Hattori Sachiko
Department of Endocrinology and Metabolism, Tohto Clinic, 4-1, Kioi-Cho, Chiyoda-Ku, Tokyo, 102-0094 Japan.
Diabetol Metab Syndr. 2018 Dec 18;10:93. doi: 10.1186/s13098-018-0395-5. eCollection 2018.
Inflammation might be a pathological mediator of cardiovascular events in patients with type 2 diabetes and high cardiovascular risk.

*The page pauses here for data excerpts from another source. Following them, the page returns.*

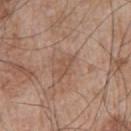Q: Was this lesion biopsied?
A: catalogued during a skin exam; not biopsied
Q: Automated lesion metrics?
A: an average lesion color of about L≈52 a*≈19 b*≈29 (CIELAB), a lesion–skin lightness drop of about 7, and a normalized border contrast of about 5; a border-irregularity index near 4/10, a within-lesion color-variation index near 1/10, and radial color variation of about 0
Q: Lesion size?
A: ~3 mm (longest diameter)
Q: What is the anatomic site?
A: the arm
Q: What are the patient's age and sex?
A: male, approximately 65 years of age
Q: Illumination type?
A: white-light illumination
Q: How was this image acquired?
A: total-body-photography crop, ~15 mm field of view
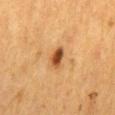Q: Was a biopsy performed?
A: no biopsy performed (imaged during a skin exam)
Q: Patient demographics?
A: female, aged 53 to 57
Q: How was this image acquired?
A: ~15 mm tile from a whole-body skin photo
Q: What is the anatomic site?
A: the mid back
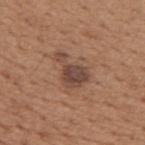Image and clinical context: The lesion is on the upper back. Imaged with white-light lighting. About 4.5 mm across. A male subject in their mid-60s. A roughly 15 mm field-of-view crop from a total-body skin photograph.
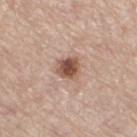{
  "biopsy_status": "not biopsied; imaged during a skin examination",
  "lesion_size": {
    "long_diameter_mm_approx": 3.0
  },
  "patient": {
    "sex": "female",
    "age_approx": 70
  },
  "lighting": "white-light",
  "site": "right thigh",
  "automated_metrics": {
    "border_irregularity_0_10": 3.0,
    "color_variation_0_10": 5.0,
    "peripheral_color_asymmetry": 1.5,
    "nevus_likeness_0_100": 95,
    "lesion_detection_confidence_0_100": 100
  },
  "image": {
    "source": "total-body photography crop",
    "field_of_view_mm": 15
  }
}
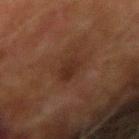follow-up=imaged on a skin check; not biopsied
image source=~15 mm tile from a whole-body skin photo
patient=male, aged approximately 75
site=the right upper arm
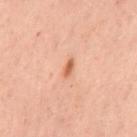Impression:
No biopsy was performed on this lesion — it was imaged during a full skin examination and was not determined to be concerning.
Clinical summary:
An algorithmic analysis of the crop reported an area of roughly 2.5 mm², an eccentricity of roughly 0.9, and a shape-asymmetry score of about 0.4 (0 = symmetric). Cropped from a whole-body photographic skin survey; the tile spans about 15 mm. The lesion is located on the mid back. The patient is a female aged around 55.
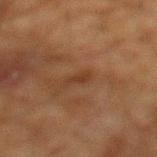| field | value |
|---|---|
| follow-up | no biopsy performed (imaged during a skin exam) |
| size | ≈2.5 mm |
| image-analysis metrics | a lesion color around L≈28 a*≈17 b*≈26 in CIELAB, roughly 5 lightness units darker than nearby skin, and a normalized border contrast of about 5.5; an automated nevus-likeness rating near 0 out of 100 and lesion-presence confidence of about 100/100 |
| acquisition | ~15 mm crop, total-body skin-cancer survey |
| anatomic site | the mid back |
| subject | male, aged 58 to 62 |
| lighting | cross-polarized illumination |

We investigated whether empagliflozin (EMPA) exerts anti-inflammatory effects that are reflected in decreased high-sensitivity C-reactive protein (hsCRP) values. Patients were allocated to receive a placebo (n = 51) or EMPA (n = 51) as an add-on treatment. Fasting blood samples were collected before and every 3 months after this intervention for 1 year.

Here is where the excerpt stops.